A good look at starving teachers in the Garden State:

Cops and teachers who, a generation ago, were underpaid and overworked are now enjoying compensation and working conditions that are the envy of the private sector. Experienced patrolmen in North Jersey routinely make $100,000 or more, and public-school teachers can top out at more than $90,000 and typically pay nothing for health insurance throughout their careers.

Their unions achieved their status through hard work, savvy use of public relations, lots of cash pumped into legislative and gubernatorial campaigns and a dose of good old-fashioned union solidarity. The two labor groups now wield the clout to drive law-enforcement and education policy — and, in part, determine tax rates — throughout North Jersey.

The political influence of New Jersey’s nearly 500,000 government workers is partly a result of their sheer numbers. Census records show that public employees constitute just over 10 percent of workers in the four counties of northeast New Jersey.

But a Record poll, conducted last month, found that those numbers understated their potential voting strength.
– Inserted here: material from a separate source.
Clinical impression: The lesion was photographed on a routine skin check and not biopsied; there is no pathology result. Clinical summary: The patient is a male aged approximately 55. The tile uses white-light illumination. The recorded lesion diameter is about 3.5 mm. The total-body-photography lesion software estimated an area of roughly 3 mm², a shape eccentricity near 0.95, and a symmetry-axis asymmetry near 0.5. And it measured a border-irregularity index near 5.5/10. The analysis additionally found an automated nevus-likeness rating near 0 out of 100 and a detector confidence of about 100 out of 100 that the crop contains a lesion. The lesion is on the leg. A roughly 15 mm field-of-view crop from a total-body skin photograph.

Thirty-eight percent of randomly chosen respondents said they live in a household where significant income is derived from public employment.

Government workers are more likely to vote than private-sector workers, according to the poll, by a margin of 66 percent to 48 percent. And their views differ significantly from the general population on issues such as privatization of government services and merit pay.

The NJEA (New Jersey Education Association) has been called the most powerful union in the state, and it’s not difficult to see why. The union, which represents teachers and school support staff in all but five New Jersey districts, says that 93 percent of its nearly 200,000 members cast ballots in the 2004 election, compared with 73 percent of New Jersey’s registered voters in general. More than 1,100 teachers answered their union’s call and volunteered at least three hours to a legislative campaign between the Saturday before the election and Election Day 2005.

"The teachers union makes the Teamsters look like pussycats," said Alan R. Geisenheimer, one-time president of the Bergen County School Boards Legislative Committee. "The question I would ask, is there any legislation the NJEA has asked for that they haven’t gotten? I don’t know of any."

NJEA leaders agree they have uncommon access to the corridors of power. Unlike some other public employee unions, whose members are concentrated around Trenton, where they work, "every community has teachers in it," said Joseph R. Marbach, chairman of the Seton Hall political science department. "They can be the difference in any local election. They could change what party controls the Legislature."

NJEA executive director Robert Bonazzi said the union’s sway is based on its integrity.

"We can be trusted," Bonazzi said. "We have interests and we pursue them in the most ethical way we possibly can, so people in the Legislature feel good about the NJEA."

No doubt the union supports many worthwhile programs: smaller class sizes, family involvement in education and courses to upgrade the skills of its members.

But it also doesn’t hurt that the NJEA is among the top political action committees contributing to legislative and gubernatorial races — $1.5 million over the past three years, according to state records. The state PBA kicked in $218,495 over the same period.

"To some of my colleagues in the Senate, the teachers union is tangible and the general pub- lic is not," said Sen. Gerald Cardinale, R-Demarest. "The teachers union is a monolithic force; the public is not."

As our litigation makes its way through the courts, this will be, as it always has been, one of our single biggest obstacles.